-------- AVAILABLE DATA

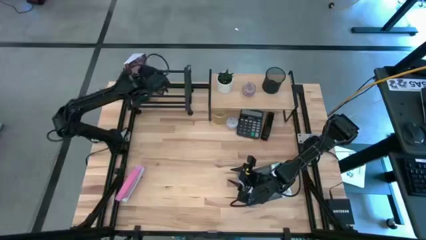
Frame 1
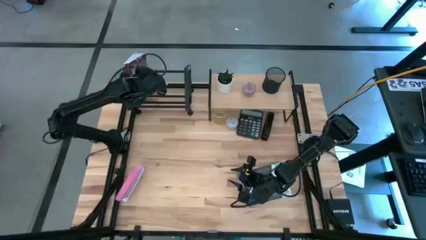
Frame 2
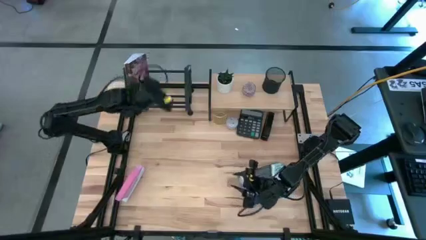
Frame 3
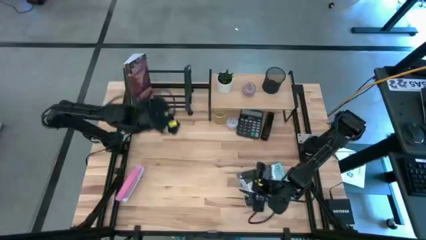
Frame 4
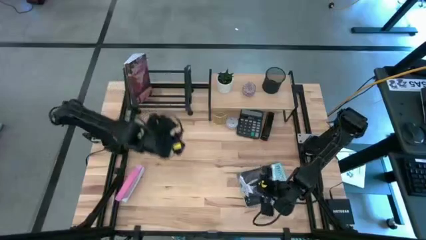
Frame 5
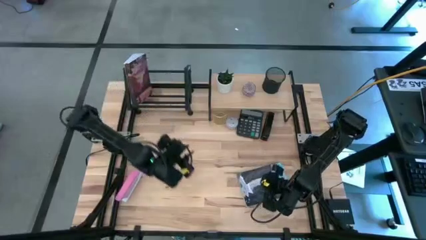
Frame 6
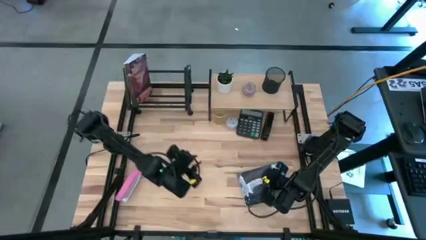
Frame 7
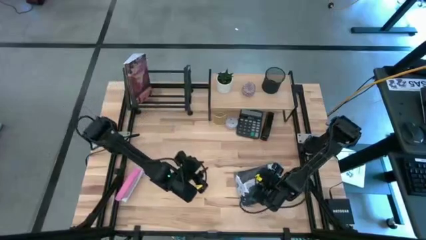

----------------

■ **EXERCISE PROMPT**: Retype the whole listing exactly and leave the pictures out.

■ **YOUR RESPONSE**:
Frame 1
Frame 2
Frame 3
Frame 4
Frame 5
Frame 6
Frame 7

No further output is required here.